HyperX is a fast rising star in the gaming peripheral scene. We've reviewed the Cloud Stinger and the Alloy FPS previously, but the Alloy Elite might just be my favorite keyboard yet.
The Alloy Elite is heavier than the FPS edition. This gives it far more stability when it is being moved around the table or shoved aside during sudden rage-quitting moments. The heavier frame also gives it a much sturdier feel. It won't survive being thrown out the window, but it will happily take the punishment which results from aggressive gameplay.
The USB cord is non-detachable this time around. The USB pass through at the back of the keyboard also does more than charge mobile devices, as you will be able fit headphones and Bluetooth dongles inside of it.
The snap on wrist rest is a nice addition from the box. It's comfortable and easy to detach whenever not needed.
Comfort with the keys depends on what kind of
Cherry MX switches the keyboard has. The Elite comes in three variants: red,
blue, and brown. The unit we received for review arrived in red, which is the
perceived norm of what gamers prefer. Keyboards with red switches don't need a
full press of the key in order for it to register. If you're a typist, you
might want blue switches because you need to press the key all the way down for
it to register (it also has that "clicky" sound, which typists find fulfilling).
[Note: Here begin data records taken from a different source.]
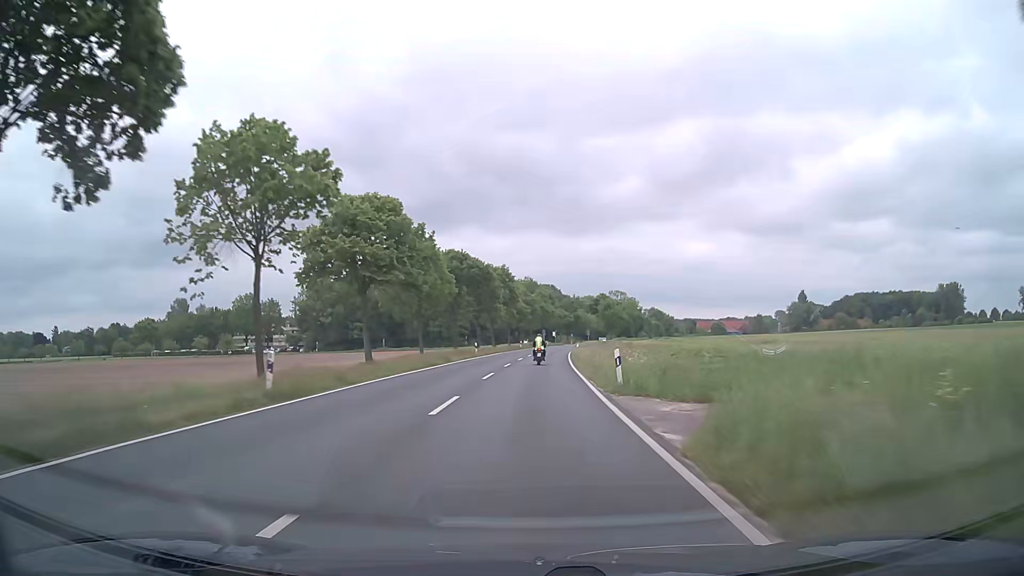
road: secondary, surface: asphalt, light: Day
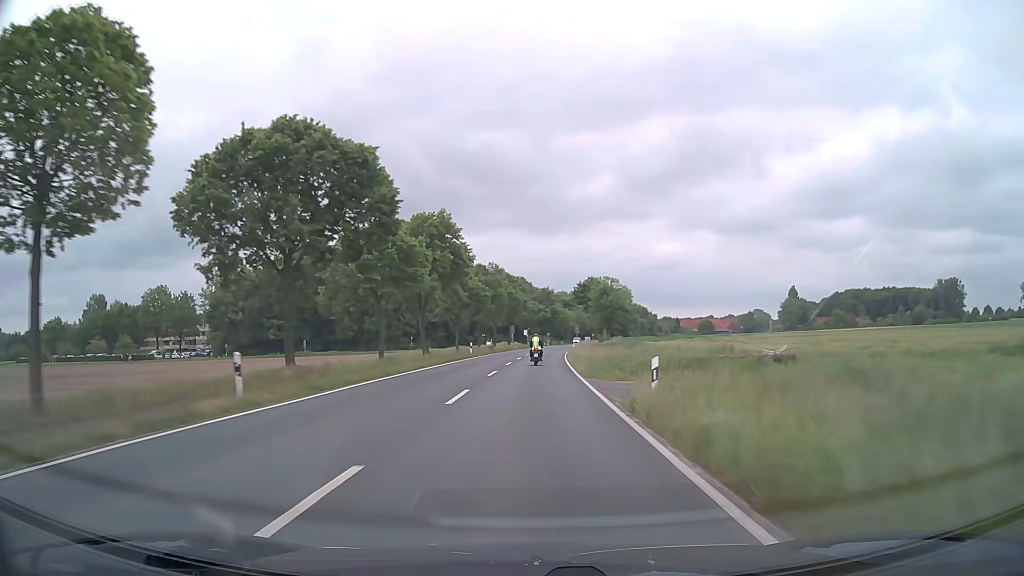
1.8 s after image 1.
(+1.2, +42.0) m; +3°
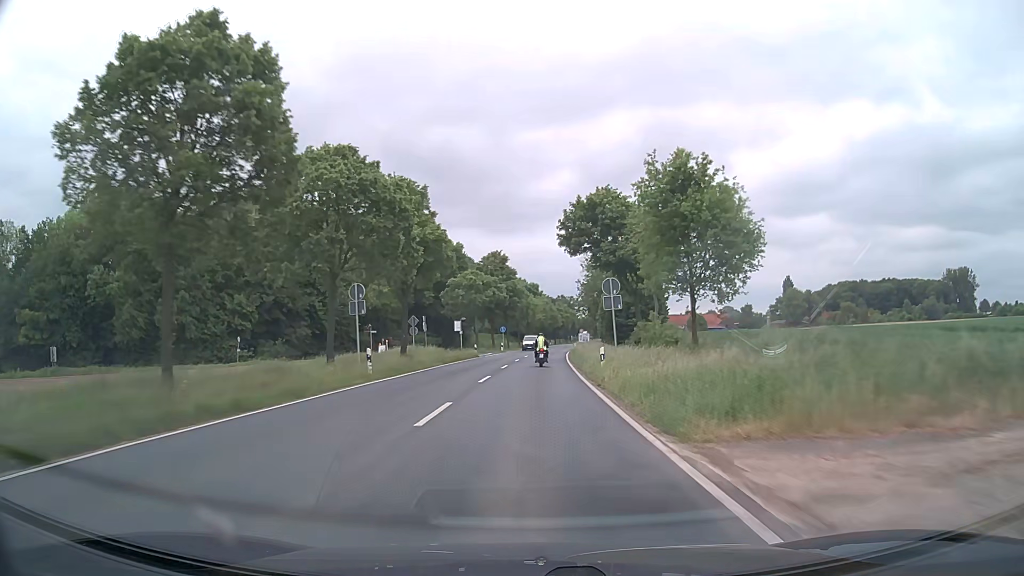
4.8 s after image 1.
(+2.7, +69.7) m; +4°
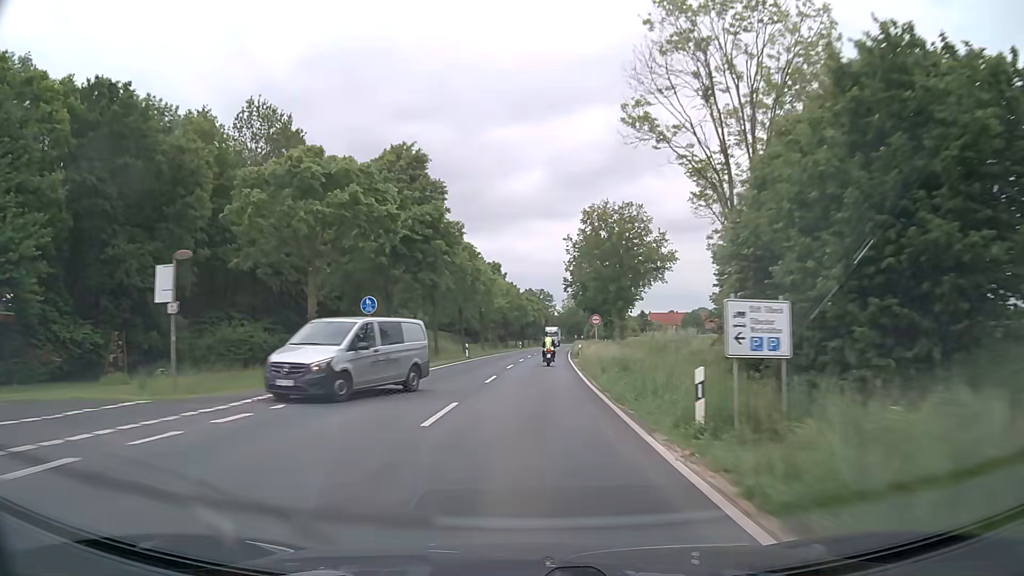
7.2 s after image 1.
(+1.5, +54.9) m; +3°
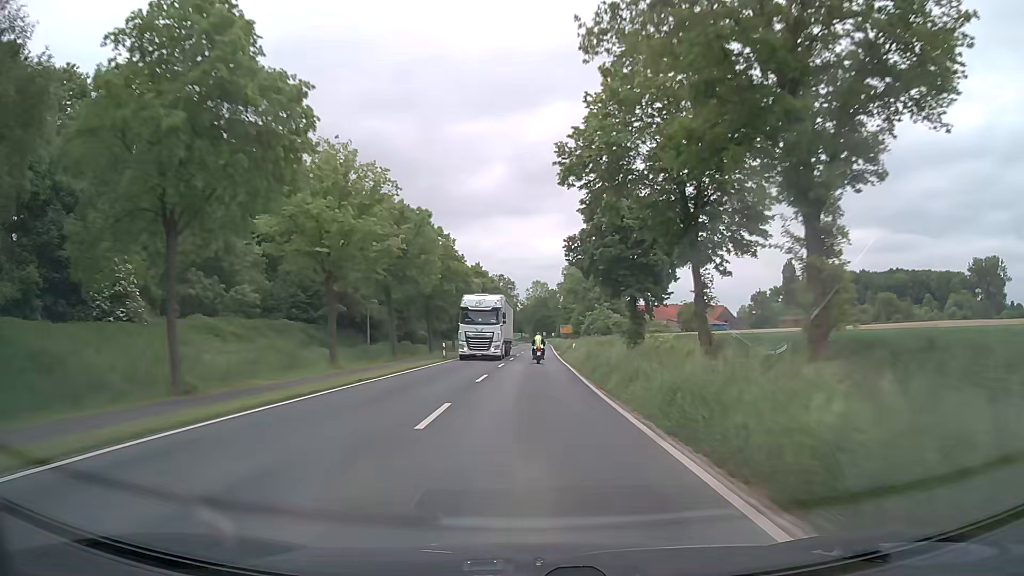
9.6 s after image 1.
(+1.9, +56.0) m; +4°
(0, +10) (0, +20) (0, +30) (0, +40) (+1, +50) (+1, +60) (+1, +70) (+1, +80) (+2, +90) (+2, +100) m

Jump to brown switches instead if you don't like the loud clicking sounds.
The WASD and 1-2-3-4 keys are replaceable with HyperX's silver textured keys. The changes go far beyond aesthetics, as the slight elevation and texture can be felt while gaming.
It is now easier to control the Elite's red backlight. A dedicated button can be found on the upper left part of the keyboard that can switch to six different lighting modes. New to the keyboard is a light bar with another dedicated button that controls its intensity.
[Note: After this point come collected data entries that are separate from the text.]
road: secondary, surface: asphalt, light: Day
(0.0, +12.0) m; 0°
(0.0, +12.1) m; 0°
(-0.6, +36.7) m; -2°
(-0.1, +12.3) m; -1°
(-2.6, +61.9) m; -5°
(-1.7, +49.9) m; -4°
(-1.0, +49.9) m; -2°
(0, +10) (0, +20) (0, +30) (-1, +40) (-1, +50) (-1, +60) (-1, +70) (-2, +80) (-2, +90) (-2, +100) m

The media keys in the upper right part of the keyboard are a welcome addition. It's fun to toy with the volume roller, even when you aren't using it to change your audio levels.
The HyperX Alloy Elite doesn't come with software that allows further customization. I'm not against this, as it tells me that HyperX is dedicated to giving consumers a strong gaming experience from the get-go. More control over the bling and additional neon colors would be great, but that's just me nitpicking at the small things.
This leads me to believe that the Alloy Elite is targeted to those who want a more plug-and-play experience. The absence of Macro keys contributes to this, which is a shame since the Elite feels like a great pierce of hardware for MOBA games.
The Alloy FPS had stood out among our favorite mechanical keyboards. The Alloy Elite has easily topped that with slight design adjustments and the inclusion of media keys. The light bar looks good and the wrist rest allows you to cool down during long loading times. On top of that, the Elite is a little more affordable compared to its competitors. Those extra few bucks you save could get you several loot boxes from Overwatch.